(Beginning of Dataset records)
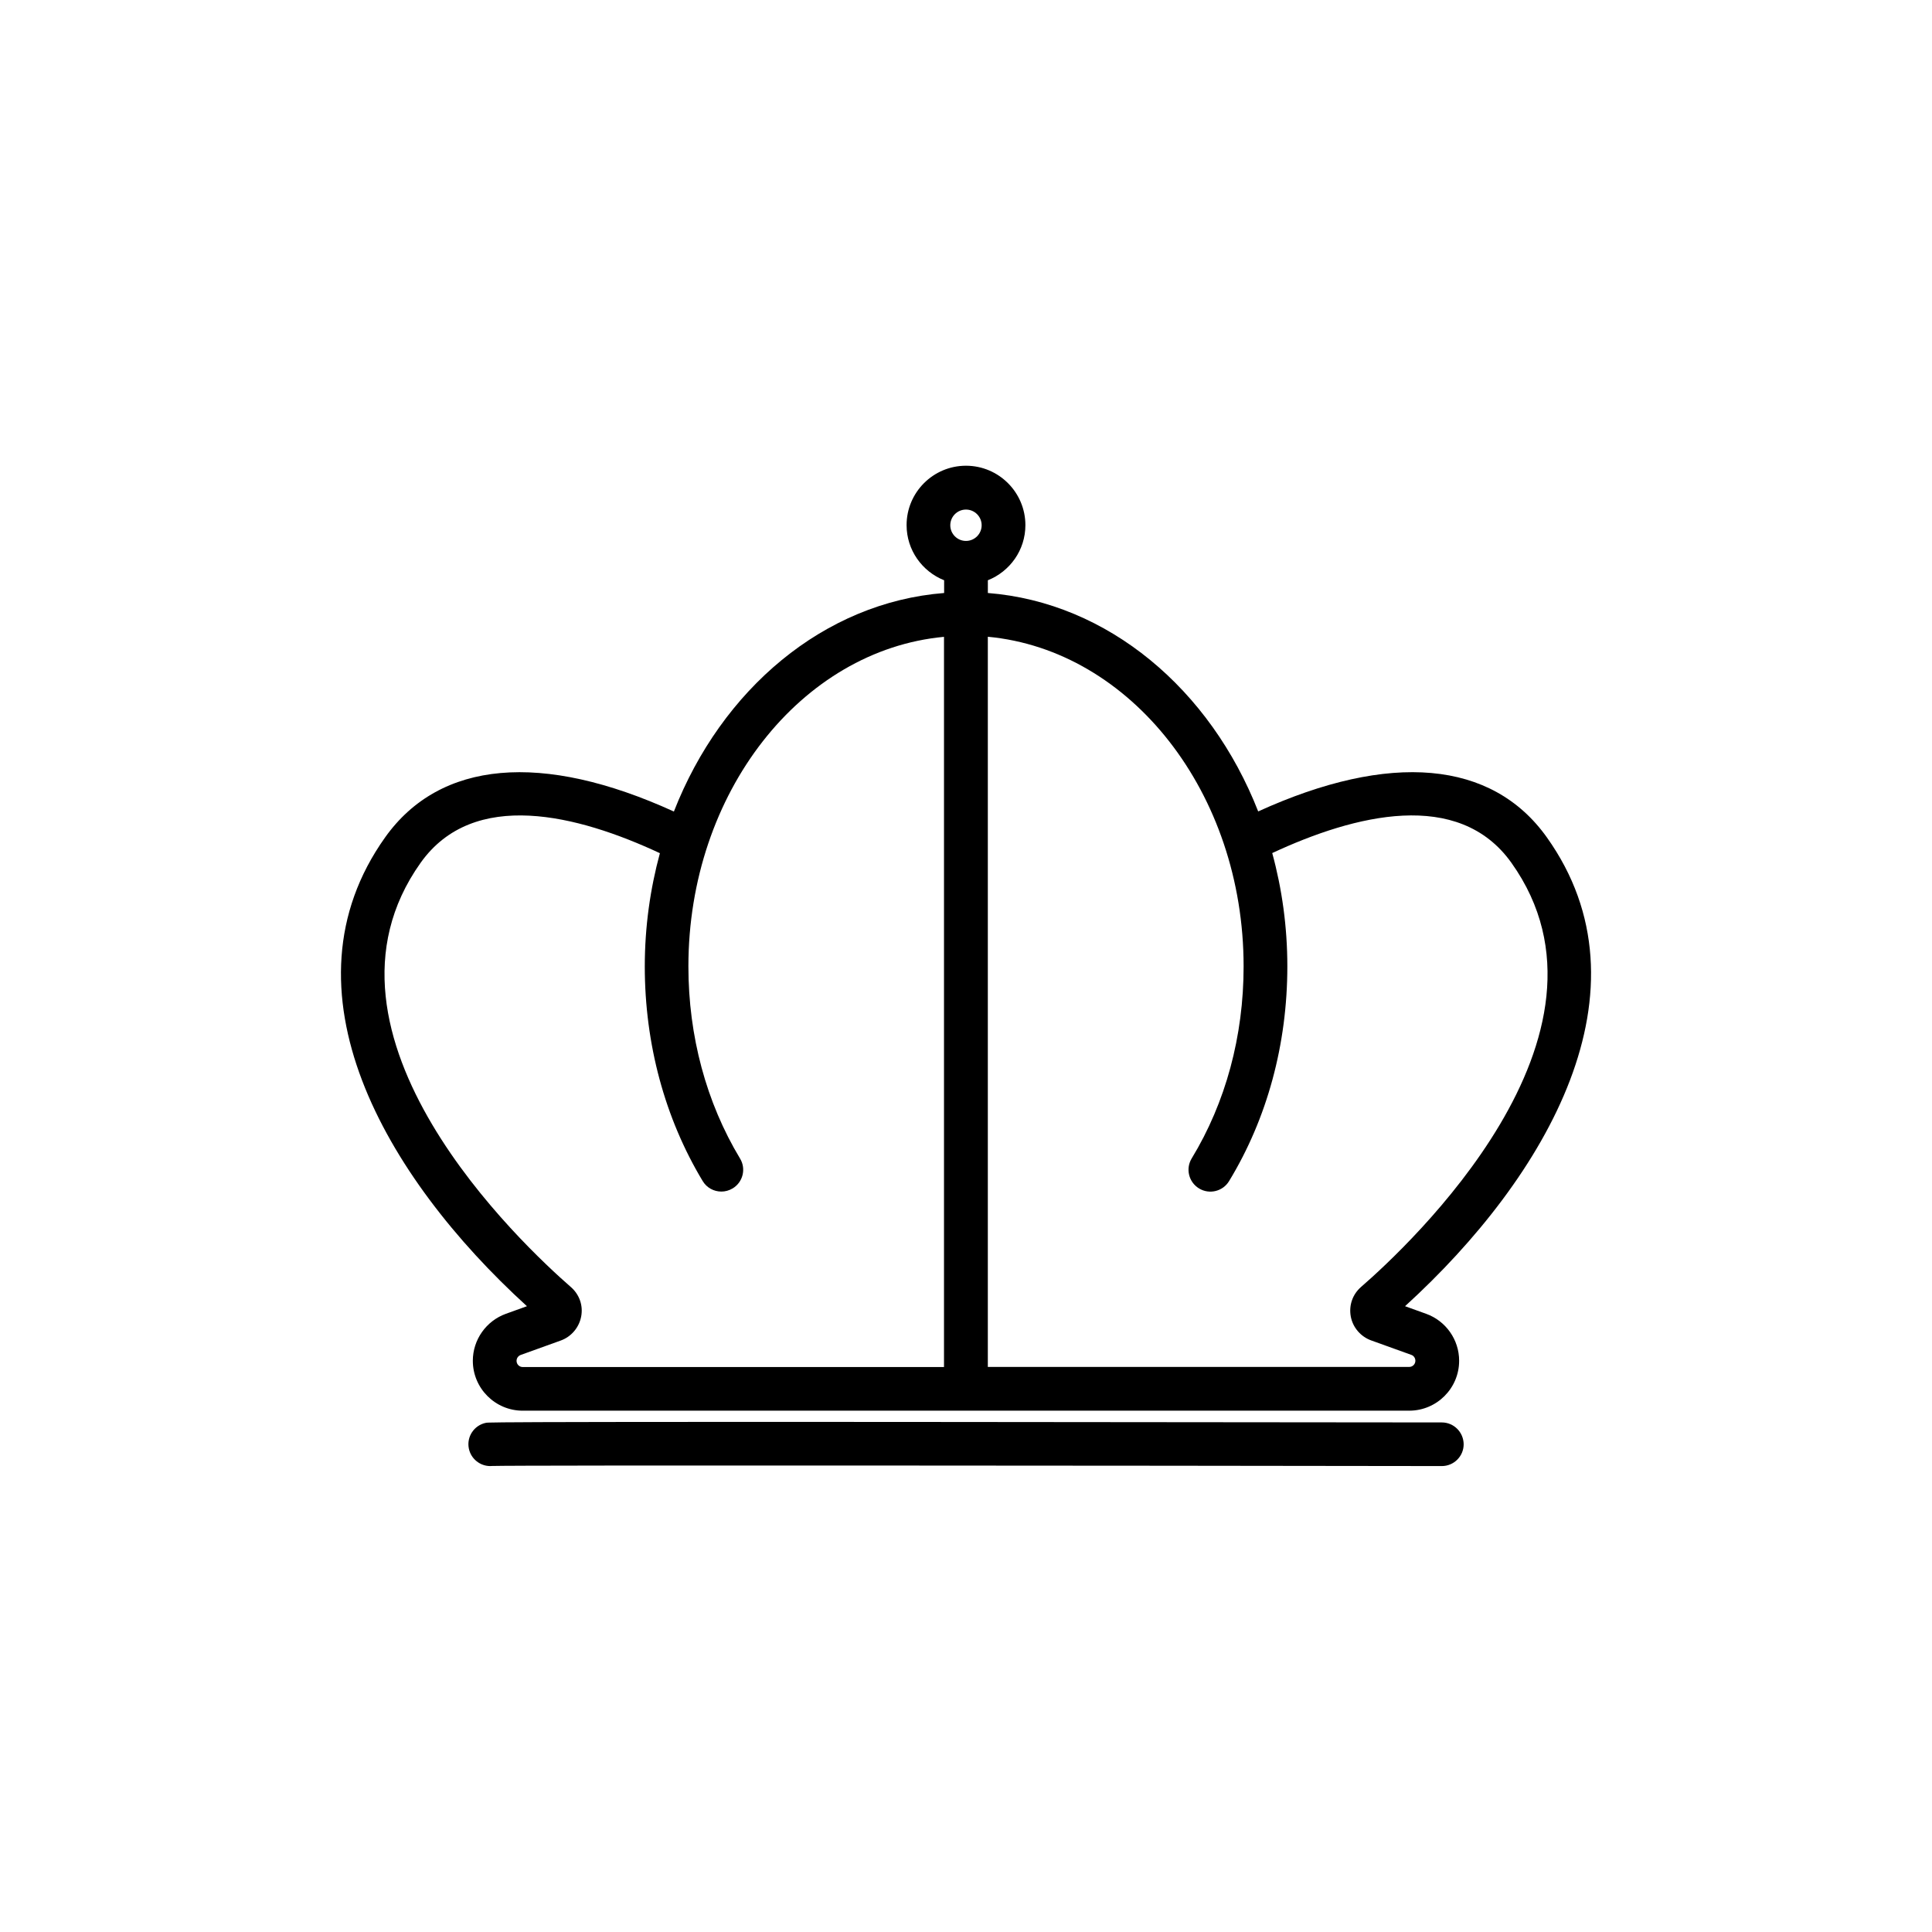 <?xml version="1.0" encoding="UTF-8"?>
<!-- Uploaded to: SVG Repo, www.svgrepo.com, Generator: SVG Repo Mixer Tools -->
<svg fill="#000000" width="800px" height="800px" version="1.1" viewBox="144 144 512 512" xmlns="http://www.w3.org/2000/svg">
 <g>
  <path d="m283.64 490.16-5.594 2.016c-5.215 1.891-8.742 6.879-8.742 12.445 0 7.281 5.918 13.227 13.227 13.227l150.21-0.004h84.719c7.281 0 13.227-5.918 13.227-13.227 0-5.566-3.5-10.555-8.742-12.445l-5.594-2.016c37.684-34.336 66.328-83.883 37.586-124.24-14.535-20.43-41.59-22.773-76.504-6.879-12.672-32.344-39.75-55.367-71.641-57.887v-3.375c5.82-2.316 9.949-7.961 9.949-14.609 0-8.664-7.055-15.742-15.742-15.742-8.691 0-15.742 7.055-15.742 15.742 0 6.625 4.133 12.293 9.949 14.609v3.375c-31.891 2.519-58.973 25.543-71.617 57.914-34.914-15.922-61.992-13.578-76.527 6.852-28.723 40.355-0.109 89.906 37.578 124.24zm189.93-90.059c0 18.516-4.762 36.098-13.754 50.883-1.664 2.719-0.805 6.297 1.941 7.961 2.719 1.664 6.297 0.805 7.961-1.941 10.102-16.602 15.441-36.273 15.441-56.906 0-10.453-1.41-20.555-4.004-30.027 21.891-10.203 49.348-17.105 63.379 2.57 32.621 45.797-27.457 101.67-39.824 112.4-2.266 1.965-3.273 4.887-2.746 7.809s2.621 5.367 5.414 6.375l10.629 3.828c0.656 0.227 1.082 0.855 1.082 1.562 0 0.906-0.73 1.637-1.637 1.637h-62.676l-22.039 0.004h-26.953v-193.51c37.859 3.551 67.785 41.34 67.785 87.359zm-73.578-121.06c2.293 0 4.156 1.863 4.156 4.156 0 2.293-1.863 4.156-4.156 4.156s-4.156-1.863-4.156-4.156c0-2.293 1.863-4.156 4.156-4.156zm-144.52 93.605c14.055-19.75 41.641-12.695 63.406-2.543-2.57 9.473-4.004 19.547-4.004 30 0 20.555 5.316 40.23 15.34 56.879 1.082 1.812 2.996 2.797 4.961 2.797 1.008 0 2.039-0.277 2.973-0.832 2.746-1.637 3.629-5.215 1.965-7.934-8.941-14.836-13.68-32.445-13.68-50.91 0-46.023 29.902-83.809 67.738-87.336v193.51l-111.64 0.004c-0.906 0-1.637-0.73-1.637-1.637 0-0.707 0.43-1.309 1.082-1.562l10.629-3.828c2.797-1.008 4.863-3.449 5.414-6.375 0.555-2.922-0.48-5.844-2.746-7.809-12.34-10.758-72.395-66.629-39.797-112.43z"/>
  <path d="m526.1 520.96c-251.18-0.301-252.56-0.051-253.32 0.102-3.125 0.629-5.164 3.68-4.535 6.801 0.555 2.746 2.973 4.66 5.668 4.66 0.152 0 0.328 0 0.48-0.023 6.551-0.227 167.24-0.102 251.7 0.023 3.199 0 5.793-2.594 5.793-5.769-0.023-3.199-2.594-5.793-5.793-5.793z"/>
 </g>
</svg>
(End of Dataset records)
◆ Problem statement
The copy you give must repeat each record character for character, but it must not include the pictures.

◆ Answer section
 <?xml version="1.0" encoding="UTF-8"?>
<!-- Uploaded to: SVG Repo, www.svgrepo.com, Generator: SVG Repo Mixer Tools -->
<svg fill="#000000" width="800px" height="800px" version="1.1" viewBox="144 144 512 512" xmlns="http://www.w3.org/2000/svg">
 <g>
  <path d="m283.64 490.16-5.594 2.016c-5.215 1.891-8.742 6.879-8.742 12.445 0 7.281 5.918 13.227 13.227 13.227l150.21-0.004h84.719c7.281 0 13.227-5.918 13.227-13.227 0-5.566-3.5-10.555-8.742-12.445l-5.594-2.016c37.684-34.336 66.328-83.883 37.586-124.24-14.535-20.43-41.59-22.773-76.504-6.879-12.672-32.344-39.75-55.367-71.641-57.887v-3.375c5.82-2.316 9.949-7.961 9.949-14.609 0-8.664-7.055-15.742-15.742-15.742-8.691 0-15.742 7.055-15.742 15.742 0 6.625 4.133 12.293 9.949 14.609v3.375c-31.891 2.519-58.973 25.543-71.617 57.914-34.914-15.922-61.992-13.578-76.527 6.852-28.723 40.355-0.109 89.906 37.578 124.24zm189.93-90.059c0 18.516-4.762 36.098-13.754 50.883-1.664 2.719-0.805 6.297 1.941 7.961 2.719 1.664 6.297 0.805 7.961-1.941 10.102-16.602 15.441-36.273 15.441-56.906 0-10.453-1.41-20.555-4.004-30.027 21.891-10.203 49.348-17.105 63.379 2.57 32.621 45.797-27.457 101.67-39.824 112.4-2.266 1.965-3.273 4.887-2.746 7.809s2.621 5.367 5.414 6.375l10.629 3.828c0.656 0.227 1.082 0.855 1.082 1.562 0 0.906-0.73 1.637-1.637 1.637h-62.676l-22.039 0.004h-26.953v-193.51c37.859 3.551 67.785 41.34 67.785 87.359zm-73.578-121.06c2.293 0 4.156 1.863 4.156 4.156 0 2.293-1.863 4.156-4.156 4.156s-4.156-1.863-4.156-4.156c0-2.293 1.863-4.156 4.156-4.156zm-144.52 93.605c14.055-19.75 41.641-12.695 63.406-2.543-2.57 9.473-4.004 19.547-4.004 30 0 20.555 5.316 40.23 15.34 56.879 1.082 1.812 2.996 2.797 4.961 2.797 1.008 0 2.039-0.277 2.973-0.832 2.746-1.637 3.629-5.215 1.965-7.934-8.941-14.836-13.68-32.445-13.68-50.91 0-46.023 29.902-83.809 67.738-87.336v193.51l-111.64 0.004c-0.906 0-1.637-0.73-1.637-1.637 0-0.707 0.43-1.309 1.082-1.562l10.629-3.828c2.797-1.008 4.863-3.449 5.414-6.375 0.555-2.922-0.48-5.844-2.746-7.809-12.34-10.758-72.395-66.629-39.797-112.43z"/>
  <path d="m526.1 520.96c-251.18-0.301-252.56-0.051-253.32 0.102-3.125 0.629-5.164 3.68-4.535 6.801 0.555 2.746 2.973 4.66 5.668 4.66 0.152 0 0.328 0 0.48-0.023 6.551-0.227 167.24-0.102 251.7 0.023 3.199 0 5.793-2.594 5.793-5.769-0.023-3.199-2.594-5.793-5.793-5.793z"/>
 </g>
</svg>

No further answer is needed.